WHAT TO PRODUCE: Keep images out and repeat all data exactly.

--- START ---

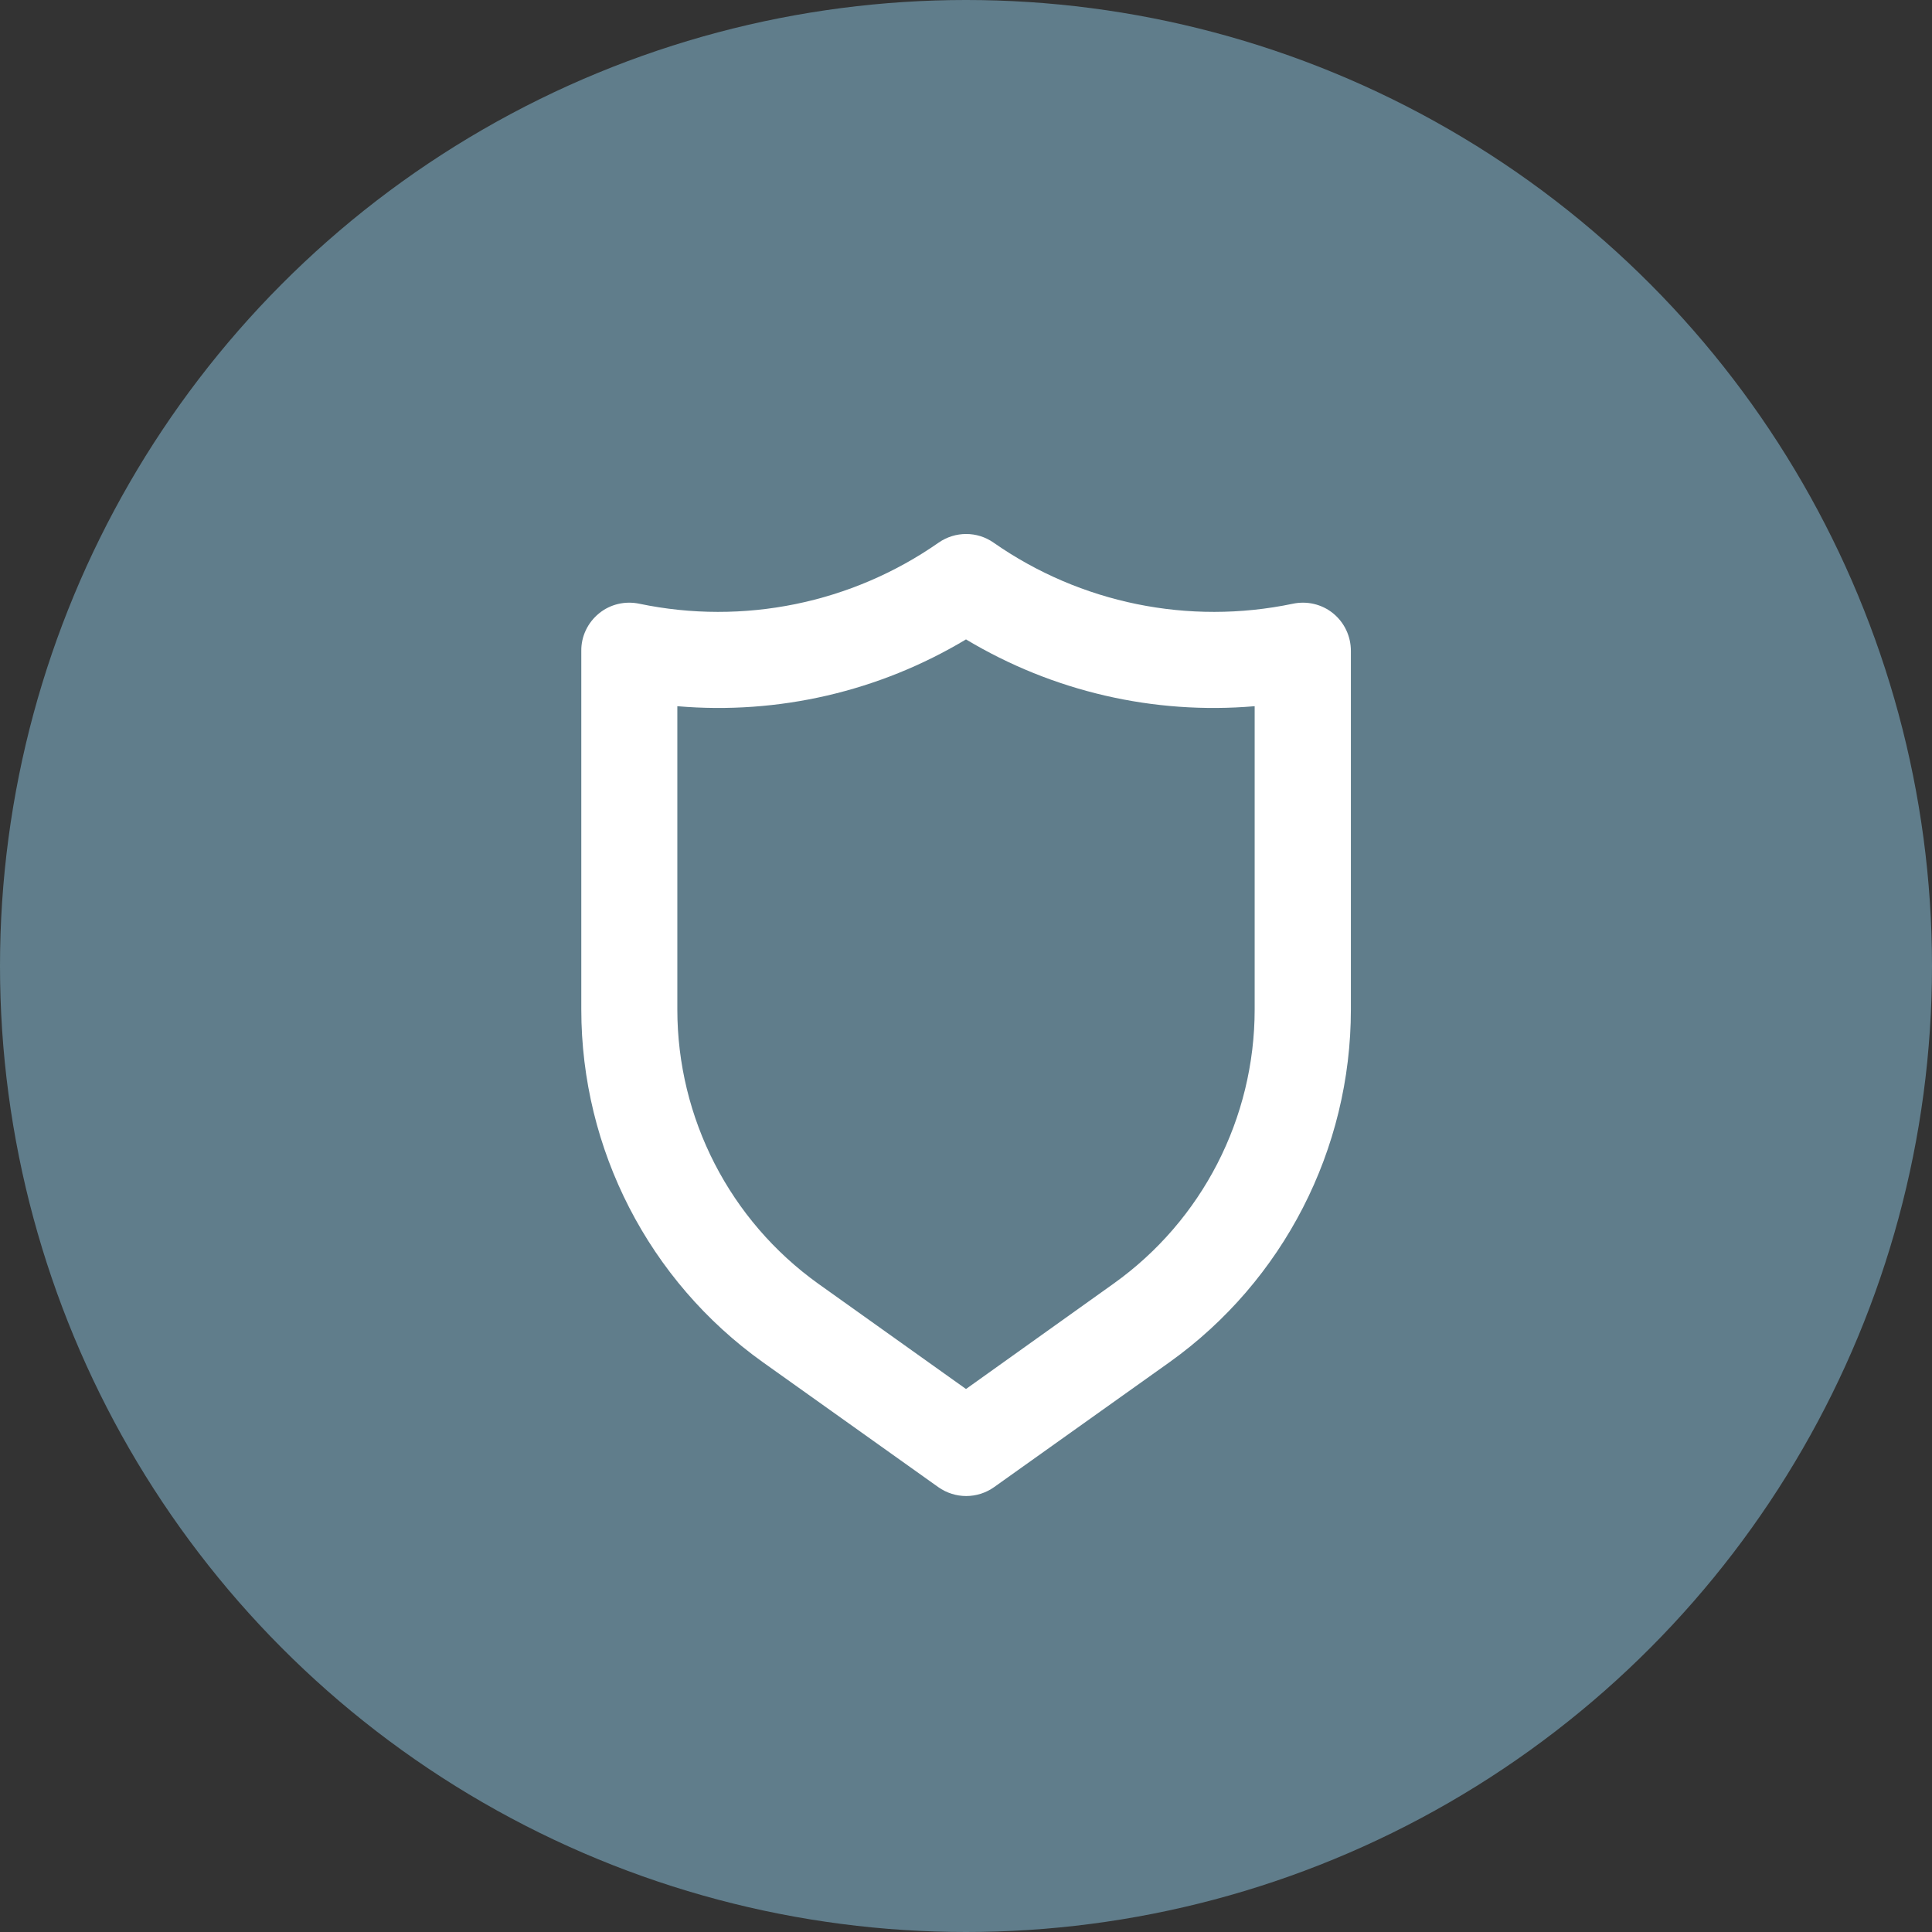 <?xml version="1.0" encoding="utf-8"?><!-- Uploaded to: SVG Repo, www.svgrepo.com, Generator: SVG Repo Mixer Tools -->
<svg width="800px" height="800px" viewBox="0 0 1024 1024" xmlns="http://www.w3.org/2000/svg">
   <rect x="0" y="0" width="1024" height="1024" fill="#333333" stroke="none"/>
   <circle cx="512" cy="512" r="512" style="fill:#607d8b"/>
   <path d="M706.6 325.1c-6-4.9-13.9-6.7-21.4-5.1-55.1 11.5-112.5-.2-158.6-32.4-8.7-6.1-20.3-6.1-29.1 0-46.1 32.2-103.5 43.9-158.6 32.4-7.5-1.6-15.4.2-21.4 5.1-6 4.9-9.5 12.2-9.4 19.9v190c0 74.2 35.8 143.8 96.1 186.9l93.1 66.3c8.9 6.3 20.7 6.3 29.6 0l93.1-66.3c60.2-43.1 96-112.7 96-186.9V345c0-7.7-3.4-15-9.4-19.9zM665 535c0 57.7-27.8 111.8-74.7 145.3L512 736.2l-78.3-55.8C386.8 646.8 359 592.7 359 535V374.3c53.5 4.6 107-7.8 153-35.4 46 27.6 99.5 40 153 35.4V535z" style="fill:#fff"/>
</svg>

--- END ---

YOUR SOLUTION:
 <?xml version="1.0" encoding="utf-8"?><!-- Uploaded to: SVG Repo, www.svgrepo.com, Generator: SVG Repo Mixer Tools -->
<svg width="800px" height="800px" viewBox="0 0 1024 1024" xmlns="http://www.w3.org/2000/svg">
   <rect x="0" y="0" width="1024" height="1024" fill="#333333" stroke="none"/>
   <circle cx="512" cy="512" r="512" style="fill:#607d8b"/>
   <path d="M706.6 325.1c-6-4.9-13.9-6.7-21.4-5.1-55.1 11.5-112.5-.2-158.6-32.4-8.7-6.1-20.3-6.1-29.1 0-46.1 32.2-103.5 43.9-158.6 32.4-7.5-1.6-15.4.2-21.4 5.1-6 4.9-9.5 12.2-9.4 19.9v190c0 74.2 35.8 143.8 96.1 186.9l93.1 66.3c8.9 6.3 20.7 6.3 29.6 0l93.1-66.3c60.2-43.1 96-112.7 96-186.9V345c0-7.7-3.4-15-9.4-19.9zM665 535c0 57.7-27.8 111.8-74.7 145.3L512 736.2l-78.3-55.8C386.8 646.8 359 592.7 359 535V374.3c53.5 4.6 107-7.8 153-35.4 46 27.6 99.5 40 153 35.4V535z" style="fill:#fff"/>
</svg>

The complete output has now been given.